The 2024 election has a smaller difference in the evaluation than average, which can be attributed to the fact that the court is 6–3 rather than 5–4, so an ideological flip is further away. That doesn't mean this election is insignificant, of course. There's a 38% chance of a conservative justice dying by January 2029, so a democrat winning this year has a chance to set the stage for a future president to decide the lean of the court for decades.
Should Ruth Bader Ginsburg have retired?
Comparing a scenario in which Ruth Bader Ginsburg retired in 2014 to one in which she didn't shows a difference of 2.02 controlyears, as a younger replacement would have had a lower chance of dying so soon under a Republican president.

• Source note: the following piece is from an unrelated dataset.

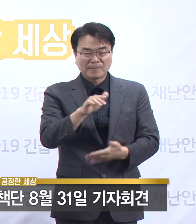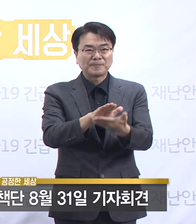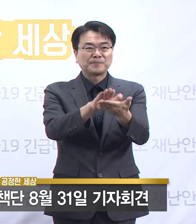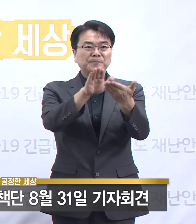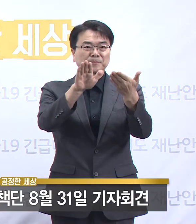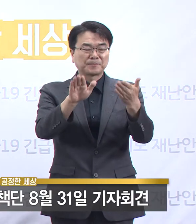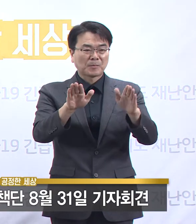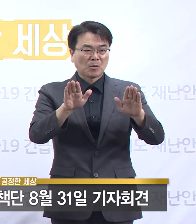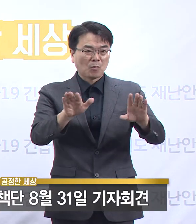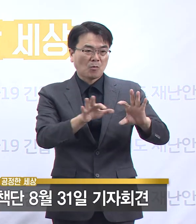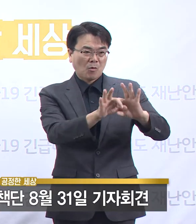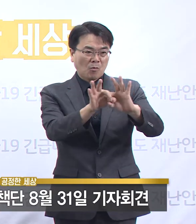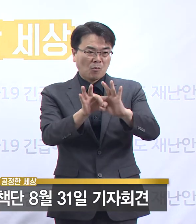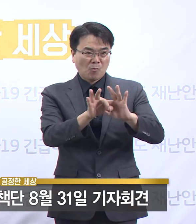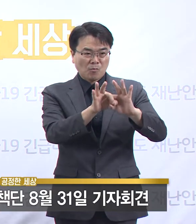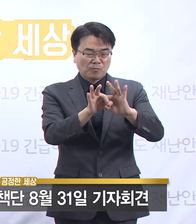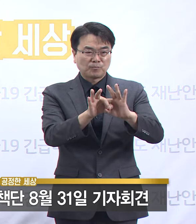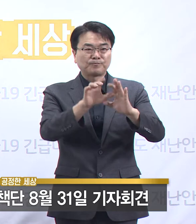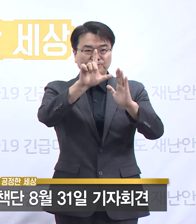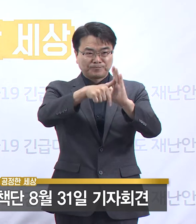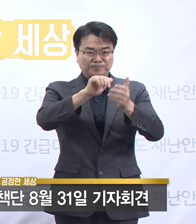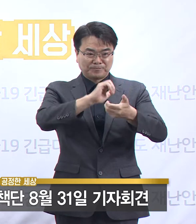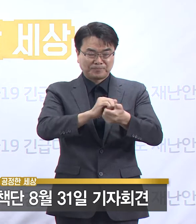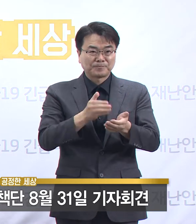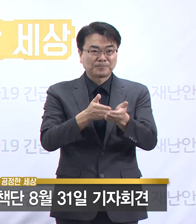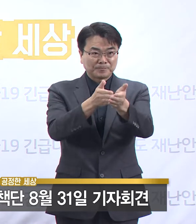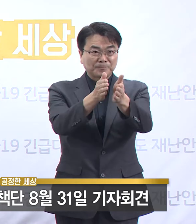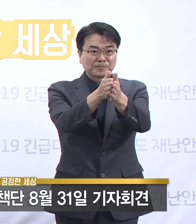코로나19 대응 관련 정례 브리핑을 시작하겠습니다.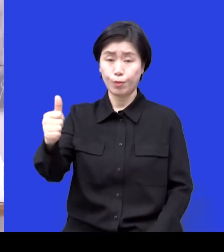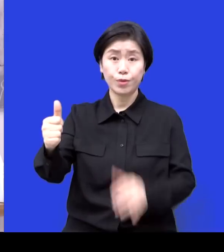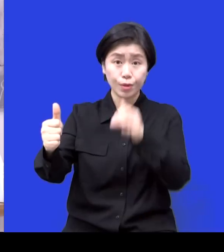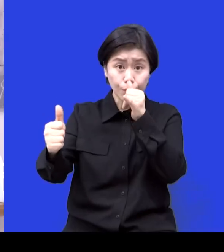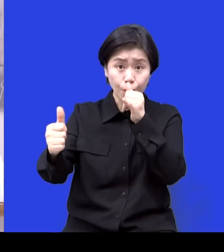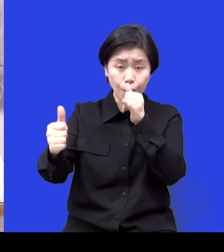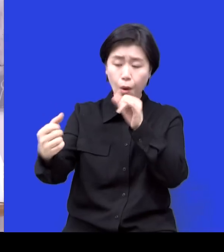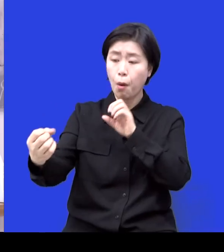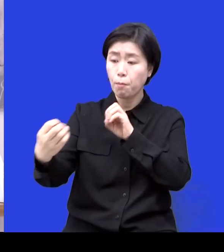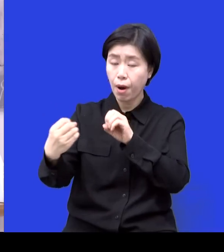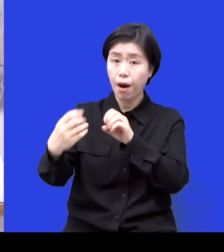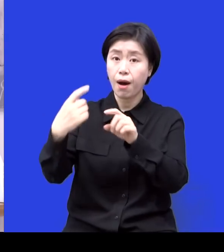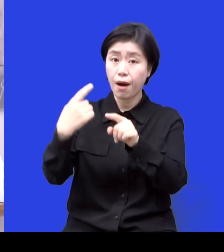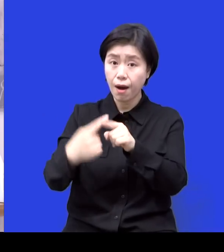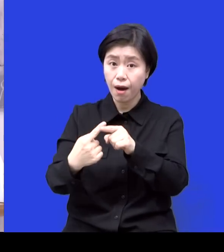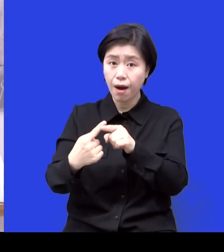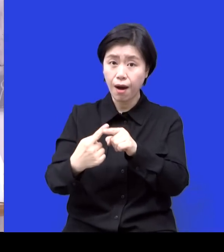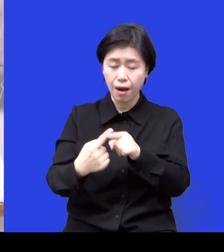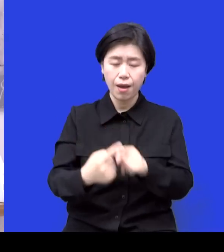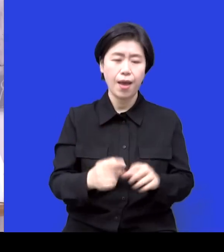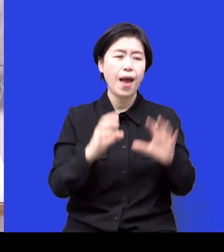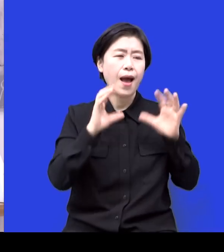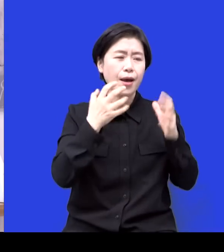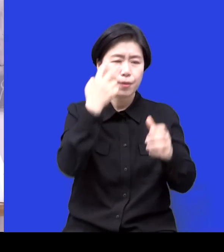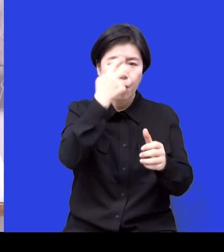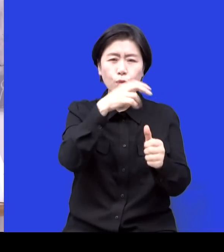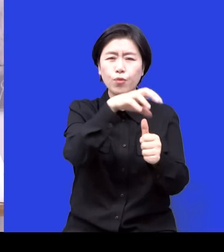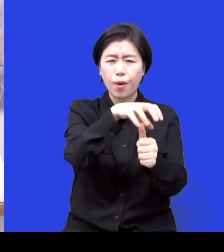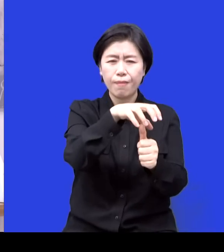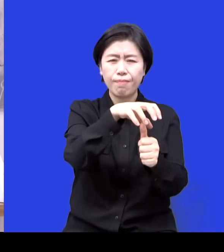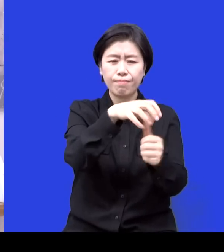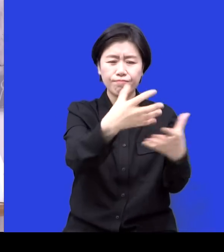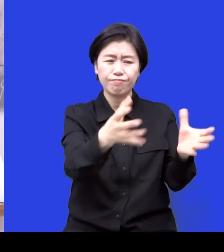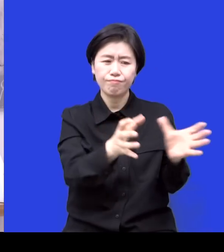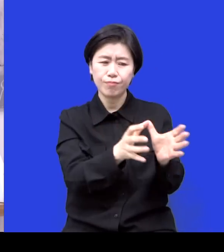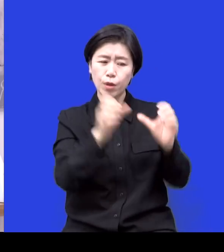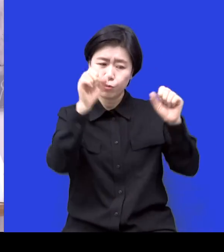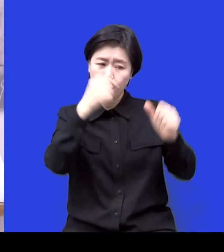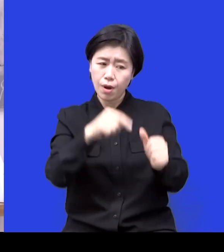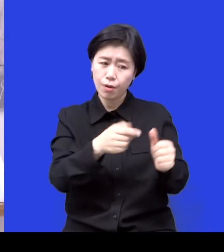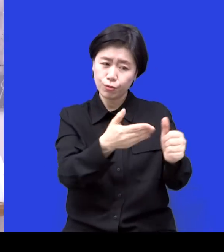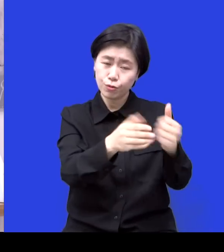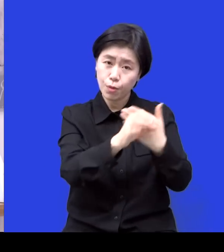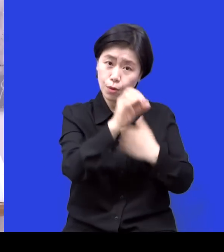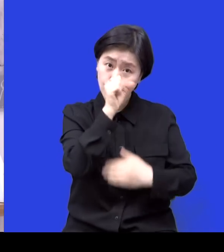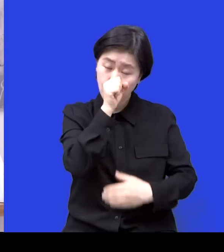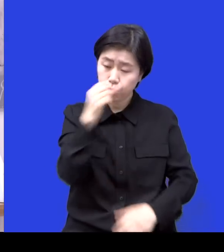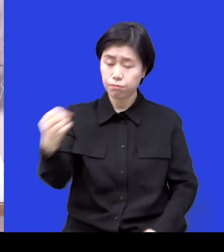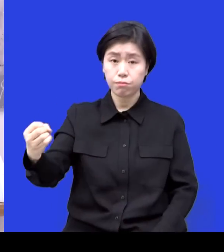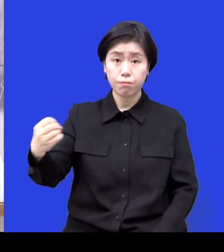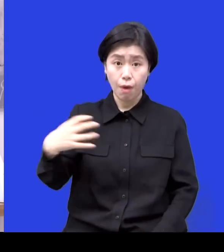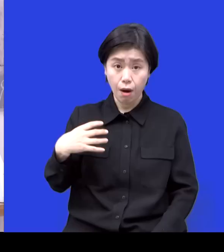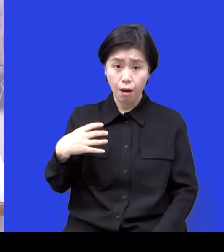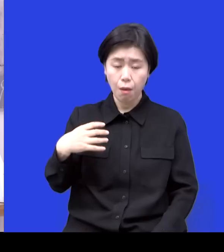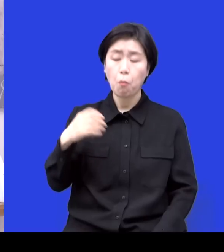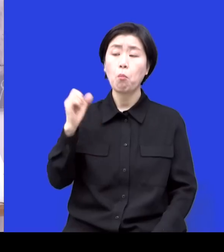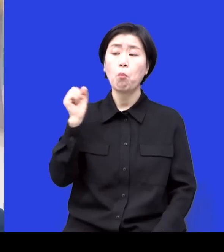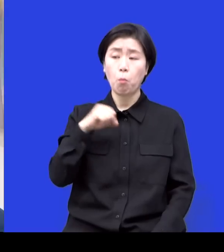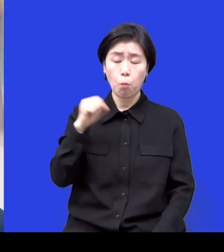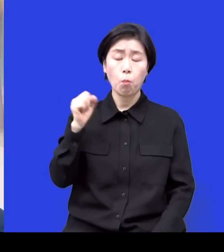보육원 아이들한테 운동을 좀 가르쳐주면 어떨까 라는 생각을 이제 했어요 브레인스톰임을 이렇게 좀 미팅을 하다가 네 그래서

This is somewhat more than the difference between a scenario in which Stephen Breyer does and doesn't decide to retire in 2022, which makes a difference of 1.41 controlyears.
Interestingly, Clarence Thomas deciding not to retire in 2020 made an even more significant difference of 2.85 controlyears in favor of the liberals.
Limitations
My attempt to predict the future doesn't account for the fact that none of the current supreme court justices are known to be sick, and it's probably less likely than the model suggests for any of them to die within the next few months. Ruth Bader Ginsburg was known to have had several bouts with cancer by 2014, and so it would be reasonable to say that the number of controlyears in the balance was more than 2.02, and perhaps less than 2.85 for Clarence Thomas in 2020, as he isn't known to have had cancer or any similar disease as of writing. Of course, it's possible one of them is terminally ill and simply hasn't come forward with it publically, but overall, a more involved simulation might include more details about the health records of the individual justices, instead of treating them as representative of the same population.
Also important is that what determines the ideological center of the court isn't just the partisan alignment of the justices, it matters how partisan each individual justice is. Martin⭯Quinn scores, which measure the ideological lean of justices based on their voting records, have shown that the gap between the liberal and conservative factions has grown as the court has become more politicized, but if this trend ever reverses, or if any justice shifts in their own ideology (as happened with Stevens and Souter), the model will be insufficient to understand the lean of the court.
One other possibility is that in a future divided government, a compromise candidate will be agreed on, with a centrist ideological leaning. If 2016 was an anomaly, we may have a future in which the court is split between liberals, conservatives, and centrists. For more info on the polarization of the court, I recommend reading this article on FiveThirtyEight, which has some more charts.
Finally, it's possible that the assumption that all future elections will have equal chances for both parties is incorrect. Pew Research has shown a strong correlation between generational cohorts—meaning year of birth, not necessarily age—and political party preference in the US, and it could be that as a result of this tendency, Democrats have a much higher chance of winning elections in the 2030s and 2040s, until the party system realigns itself such that there's not such a strong discrepancy in support. If this happens, the binary of liberal and conservative might need to be reassessed in understanding the court.